On learning of this new match, the author checked survey measurements made during his visit to Userkaf's sun-temple, hoping to find that the recorded azimuth bearings of the Giza Pyramids would permit the three Cygnus wing stars to set down into their respective pyramids as viewed from this spot during the Pyramid Age. Yet Userkaf's sun-temple was located too far south of east for this to have happened with any accuracy. An observation point where this might have occurred, visibility permitting, would have to be at an azimuth much closer to south-east.

This fact aside, something did immediately become apparent. The projected line of sight which would have enabled the witnessing of Cygnus's wing stars setting into their respective pyramids was traceable much closer to the Giza plateau. Having scanned the local landscape, the author realized instantly where this was - Gebel Ghibli, Giza's southern hill. This seemed beyond coincidence.

Thus a line was projected from the summit of Gebel Ghibli through the centre point of the Second Pyramid, giving an azimuth bearing of approximately 307 degrees.
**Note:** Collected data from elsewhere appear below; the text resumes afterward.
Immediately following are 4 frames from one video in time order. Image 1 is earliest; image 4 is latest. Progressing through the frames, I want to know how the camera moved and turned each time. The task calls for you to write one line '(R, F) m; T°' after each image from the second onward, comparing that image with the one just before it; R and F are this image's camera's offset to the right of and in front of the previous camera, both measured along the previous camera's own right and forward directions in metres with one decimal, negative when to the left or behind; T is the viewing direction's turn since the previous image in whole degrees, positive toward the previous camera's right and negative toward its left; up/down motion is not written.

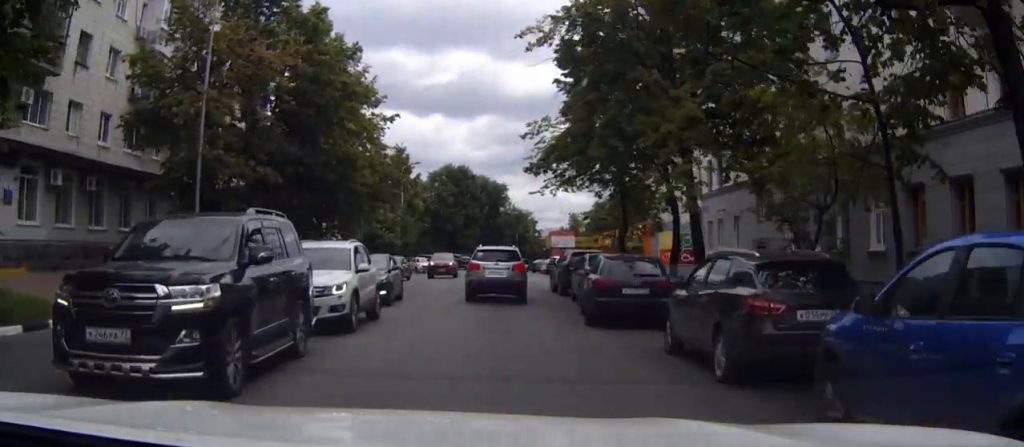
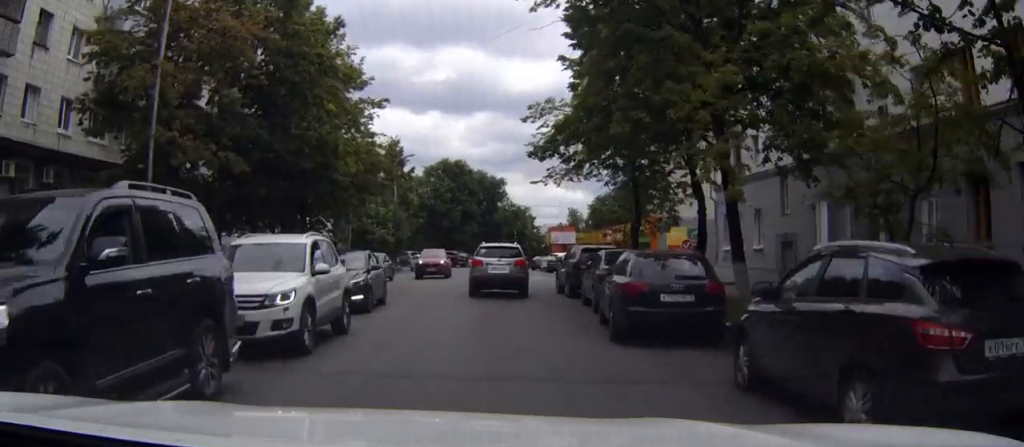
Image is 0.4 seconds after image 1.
(0.0, +3.3) m; 0°
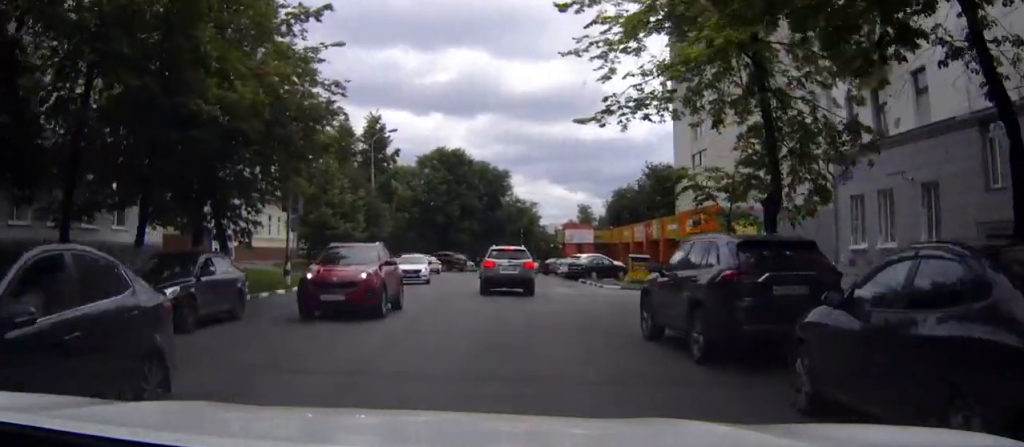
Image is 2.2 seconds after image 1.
(0.0, +14.1) m; 0°
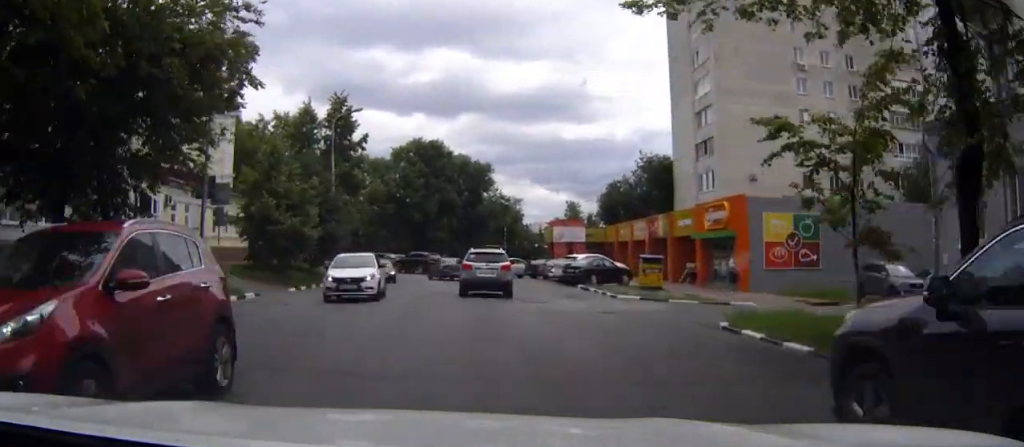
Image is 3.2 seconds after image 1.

The author then ascertained the setting point of Sadr, the pyramid's corresponding Cygnus star as viewed from Giza in 2600 BC, and found that this too was 307 degrees, meaning that the star would have extinguished, i.e. set, into the vertical centre line of the Second Pyramid as viewed from Gebel Ghibli during this age. Remember, it was the star Sadr that represented the Second Pyramid in the Cygnus-Giza gound-sky overlay.

More revelations were to follow. If this Sadr setting line was followed away from the plateau then at a position some two and a half kilometres from the Second Pyramid all three Cygnus wing stars would indeed have been seen setting into their corresponding pyramids. This certainly made sense of why the heights of each corresponding pyramid conformed perfectly with the astronomical positions of the Cygnus wing stars as viewed from this all important line.

One amazing fact concerning the three Giza pyramids is that their apexes form a perfect arc, and if the centre of this circle is traced it falls precisely on the Sadr setting line, close to where the three Cygnus wing stars set into their corresponding pyramids. Is this all simply coincidence?

This was extraordinary confirmation of Cygnus's role at Giza, and subsequent research carried out by Rodney Hale and the author uncovered a number of other major alignments featuring Gebel Ghibli, Giza and Cygnus. Such findings made sense of ancient texts, as well as medieval Arabian stories that spoke of each pyramid representing an individual star.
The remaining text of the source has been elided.